Compensar limitações técnicas com garra, muita dedicação e inteligência tática costuma ser receita de sucesso para jogadores pouco badalados do futebol italiano. O defensor Massimo Carrera foi um dos muitos que, dessa maneira, conseguiram galgar degraus em sua trajetória e chegarem ao topo: capaz de desempenhar diversas funções na retaguarda, ele se destacou por Bari e Atalanta, além de ter vencido tudo o que disputou pela Juventus.
Massimo nasceu em Pozzuolo Martesana, na região da Lombardia, em abril de 1964. Apesar de ter crescido nos arredores de Milão, desde menino nutria uma paixão pela Juventus e, por causa desse sentimento, decidiu ser jogador de futebol.
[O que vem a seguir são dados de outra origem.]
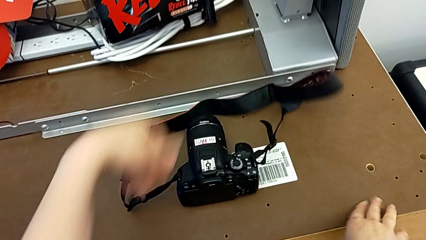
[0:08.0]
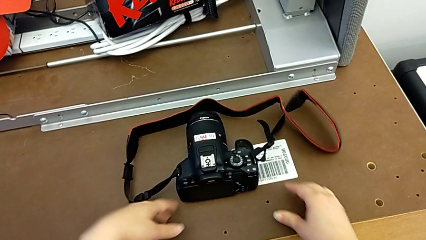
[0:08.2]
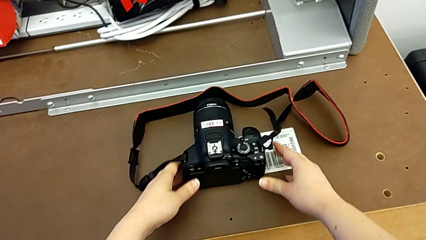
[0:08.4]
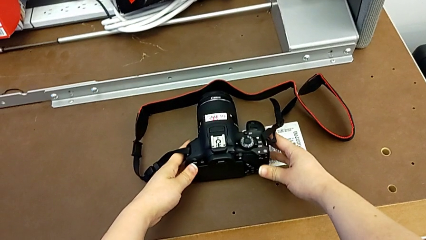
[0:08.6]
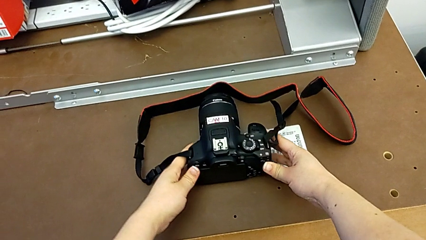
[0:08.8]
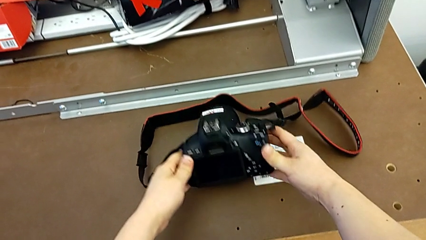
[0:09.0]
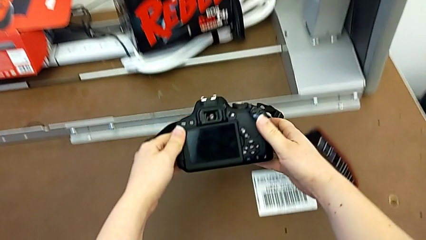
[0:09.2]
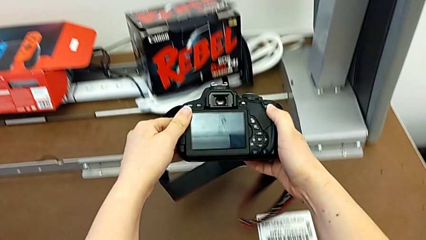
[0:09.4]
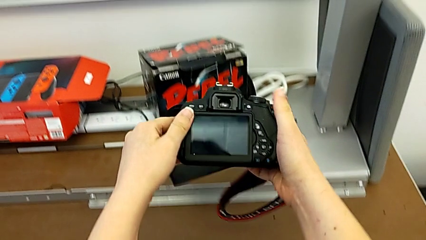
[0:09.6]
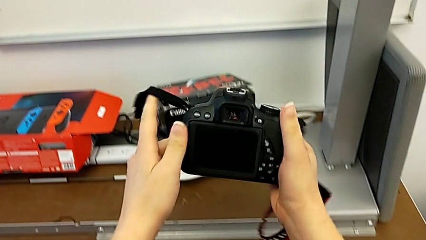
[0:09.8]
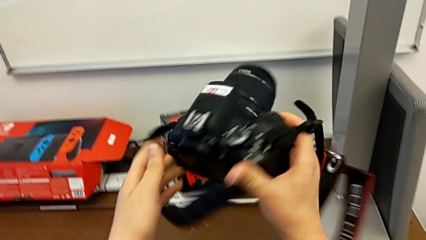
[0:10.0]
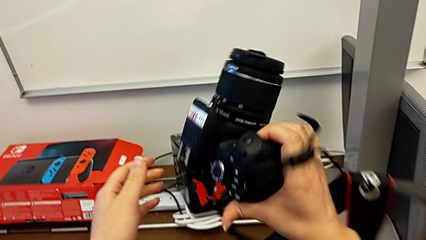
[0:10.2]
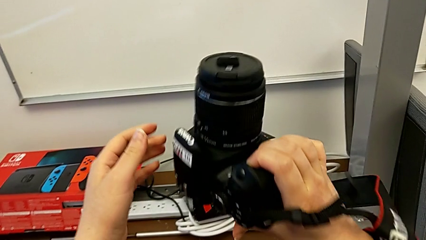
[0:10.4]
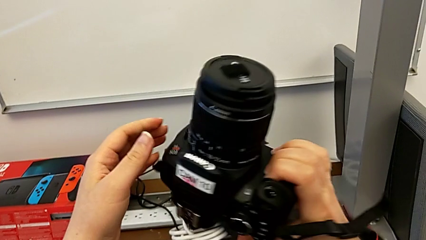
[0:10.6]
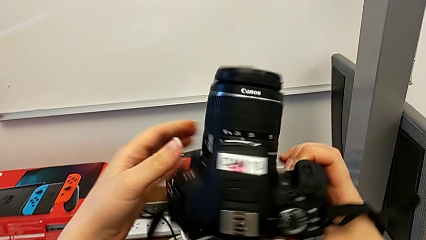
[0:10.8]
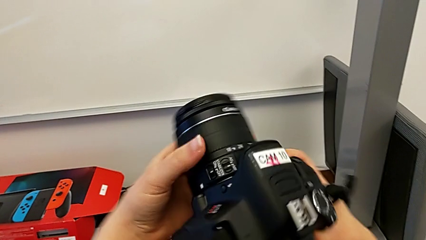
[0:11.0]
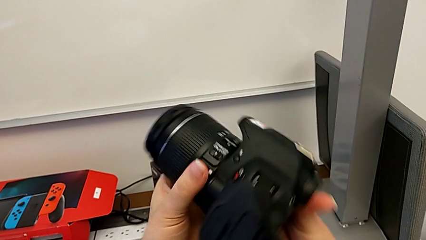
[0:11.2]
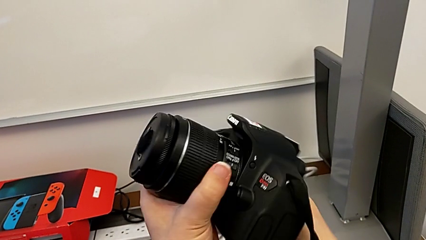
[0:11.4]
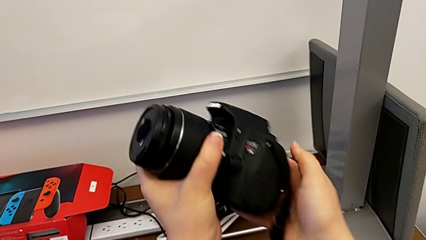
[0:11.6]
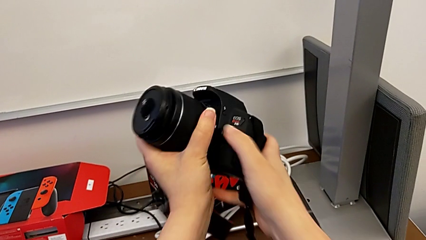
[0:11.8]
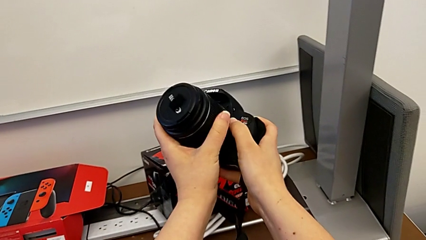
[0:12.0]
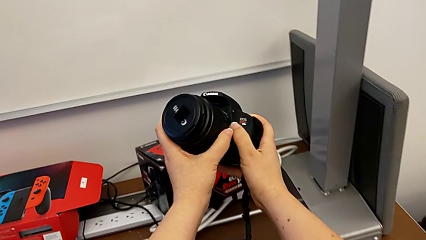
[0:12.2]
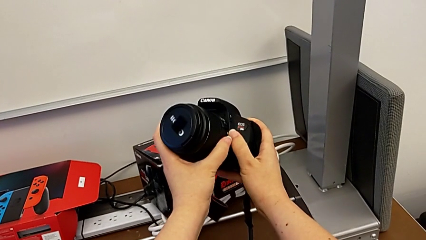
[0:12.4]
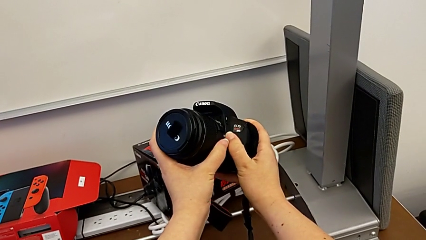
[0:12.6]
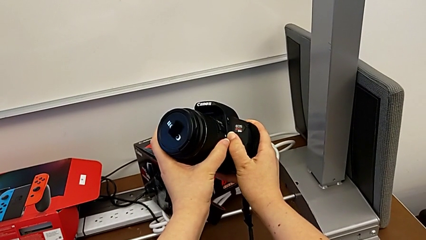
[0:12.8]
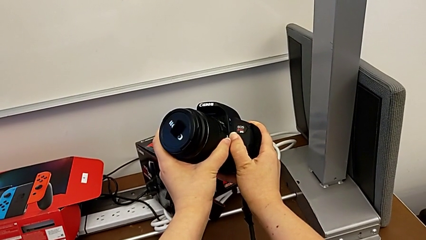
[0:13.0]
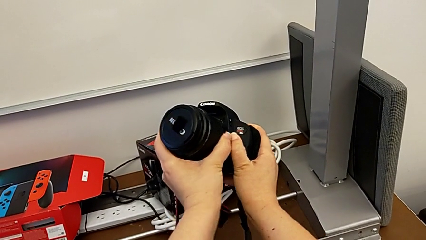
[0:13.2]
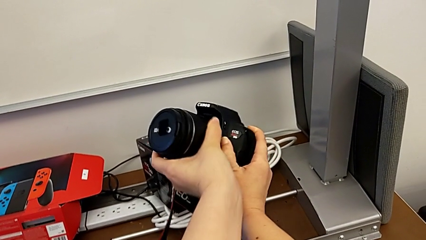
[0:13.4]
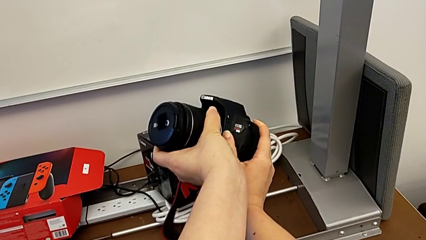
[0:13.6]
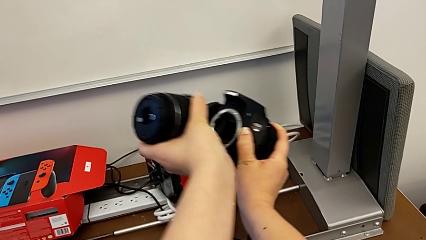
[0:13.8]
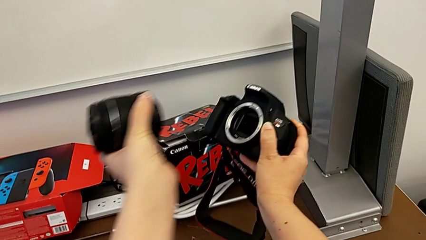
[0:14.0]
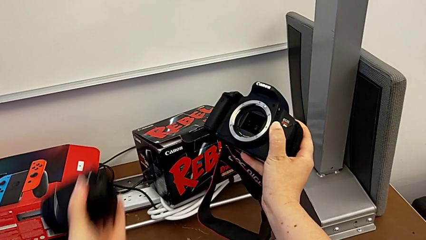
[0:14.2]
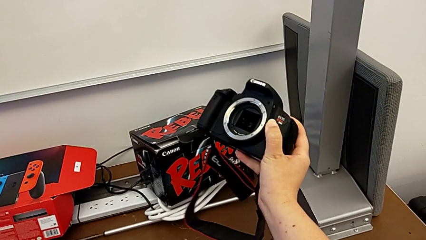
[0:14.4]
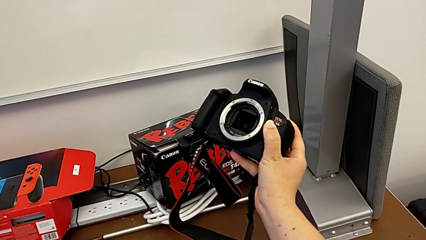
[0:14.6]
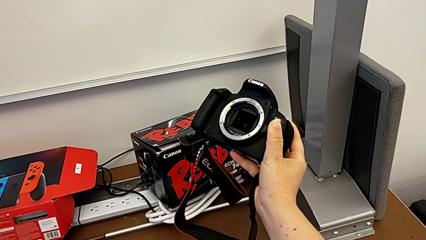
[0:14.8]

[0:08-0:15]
The camera wearer detaches the lens of the DSLR. They grab the DSLR, rotate it, press the release button with the right hand and withdraw the lens with the left hand.

Ainda garoto, foi admitido nas categorias de base da Pro Sesto, onde se formou como atleta.
Pela equipe de Sesto San Giovanni, cidade da região metropolitana de Milão, Carrera se profissionalizou na temporada 1982-83. Mesmo com 19 anos, disputou as 30 partidas do campeonato da quinta divisão e marcou quatro gols pelos biancocelesti, que quase conseguiram o acesso à categoria superior. Massimo trocou de clube no verão e, na campanha seguinte, atuou pelo Russi, que também militava no Interregionale. Com 28 aparições e cinco tentos anotados, apenas contribuiu para deixar os falchetti no meio da tabela.
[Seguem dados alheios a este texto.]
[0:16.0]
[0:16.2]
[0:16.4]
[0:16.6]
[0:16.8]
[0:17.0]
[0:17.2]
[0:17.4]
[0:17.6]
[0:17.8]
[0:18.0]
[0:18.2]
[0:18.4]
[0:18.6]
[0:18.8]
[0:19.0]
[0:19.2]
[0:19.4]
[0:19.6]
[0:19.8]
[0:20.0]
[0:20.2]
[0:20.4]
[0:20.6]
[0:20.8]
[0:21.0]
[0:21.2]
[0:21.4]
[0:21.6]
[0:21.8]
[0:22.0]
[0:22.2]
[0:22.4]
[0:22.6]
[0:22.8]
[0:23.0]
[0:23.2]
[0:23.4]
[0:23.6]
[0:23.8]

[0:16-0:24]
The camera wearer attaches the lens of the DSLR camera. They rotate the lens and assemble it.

Embora os romanholos não tenham garantido a promoção, Carrera subiu de categoria ao se transferir para o Alessandria, que estava na Serie C2. O defensor atuou em 31 dos 34 jogos da quarta divisão e ajudou os grigi a terminarem o certame empatados na vice-liderança com o Prato – apesar disso, o acesso não foi obtido, já que o adversário da Toscana venceu na partida extra, que definia a segunda vaga na terceirona. Jovem, versátil, aguerrido e com forma física invejável (dificilmente ficava indisponível para uma peleja), Massimo tinha o perfil ideal para representar times de maior ambição. Assim, chamou a atenção do Pescara, da Serie B.
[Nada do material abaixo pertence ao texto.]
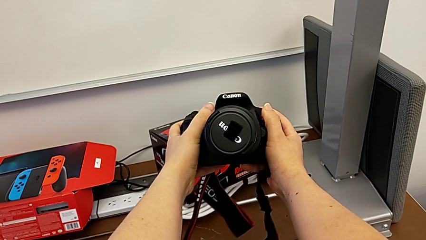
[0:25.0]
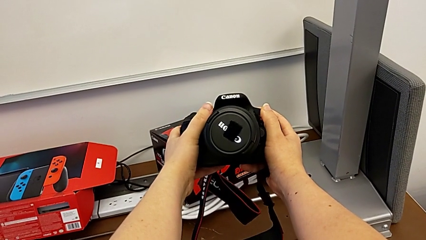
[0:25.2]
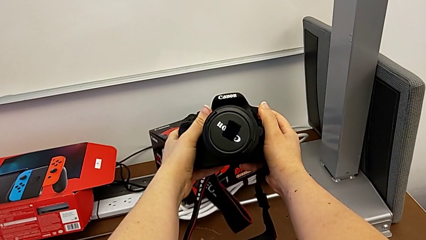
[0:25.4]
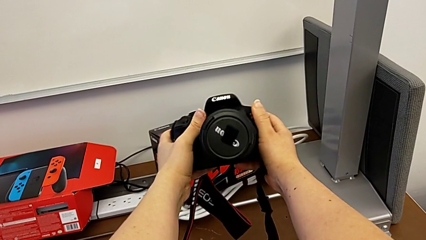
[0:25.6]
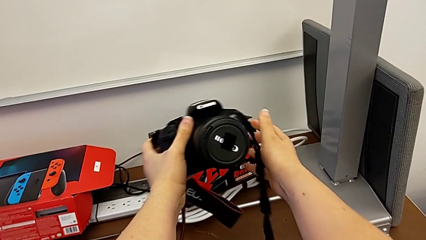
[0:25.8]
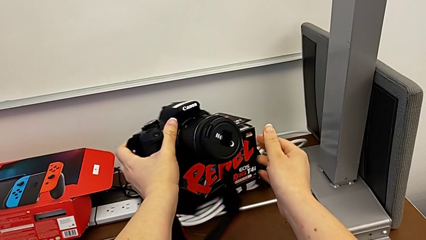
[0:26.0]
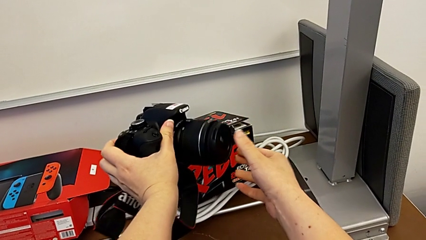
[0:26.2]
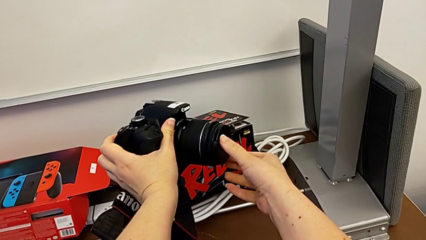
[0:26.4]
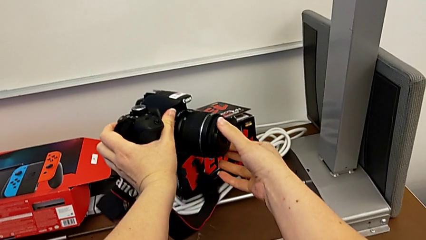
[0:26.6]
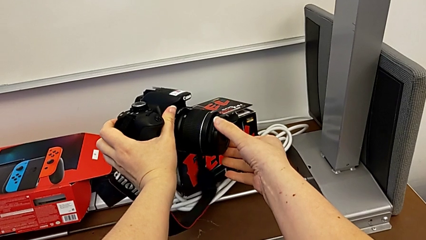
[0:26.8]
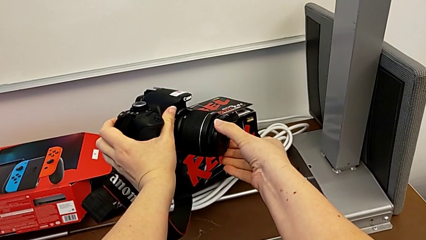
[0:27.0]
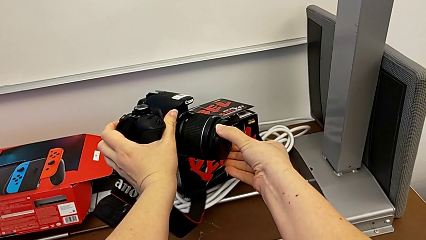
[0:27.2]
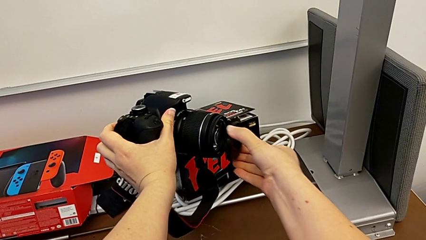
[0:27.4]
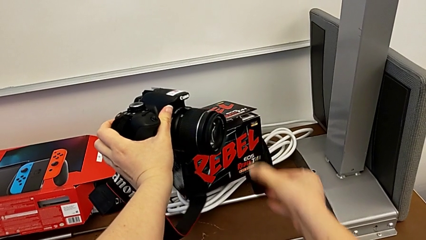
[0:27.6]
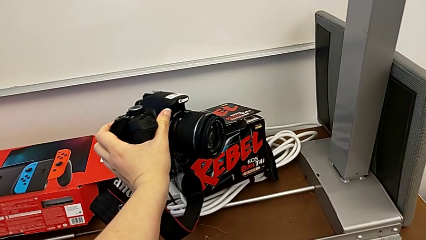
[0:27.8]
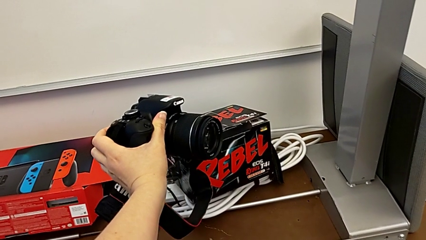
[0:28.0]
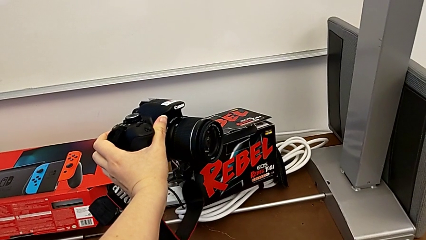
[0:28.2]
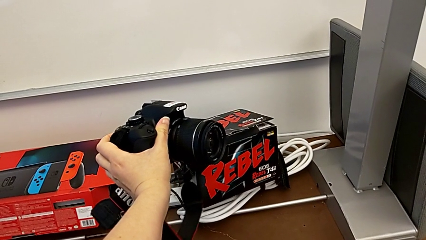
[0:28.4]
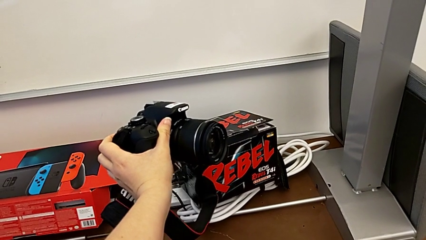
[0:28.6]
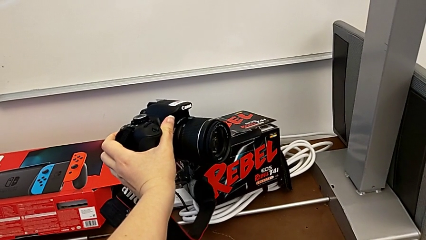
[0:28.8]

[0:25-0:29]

Pelo time dos Abruzos, o jogador viveu momentos difíceis, mas que considerou fundamentais para o seu crescimento, tanto no aspecto pessoal quanto no profissional. Sob o comando do técnico Enrico Catuzzi, Massimo foi apresentado à defesa por zona, que ainda não era tão comum na Itália. Inicialmente, teve dificuldades com o novo conceito e passou muito tempo no banco de reservas, até se adaptar. Naquele momento, questionou a própria qualidade e superou o período de vulnerabilidade psicológica por conta do constante suporte do treinador.
No fim das contas, Carrera finalmente se adaptou e somou 23 partidas e um gol pelo Pescara – bem menos do que estava acostumado. O time terminou a Serie B na 17ª posição e só não foi rebaixado porque o Palermo tomou o seu lugar, por dificuldades financeiras. Em 1986-87, Catuzzi foi contratado pelo Bari e, mostrando como a evolução de Massimo lhe agradou, levou o zagueiro consigo para a Apúlia.
O Bari do presidente Vincenzo Matarrese havia caído para a Serie B e, tendo o meia Gordon Cowans e os atacantes Paul Rideout e Edi Bivi como destaques, tentava retornar à elite. Catuzzi não conseguiu o feito no biênio em que comandou os biancorossi: os deixou na parte alta da tabela, mas alguns pontos aquém do necessário. Por outro lado, fez Carrera evoluir e se tornar um pilar dos galletti naquelas temporadas e nas sucessivas.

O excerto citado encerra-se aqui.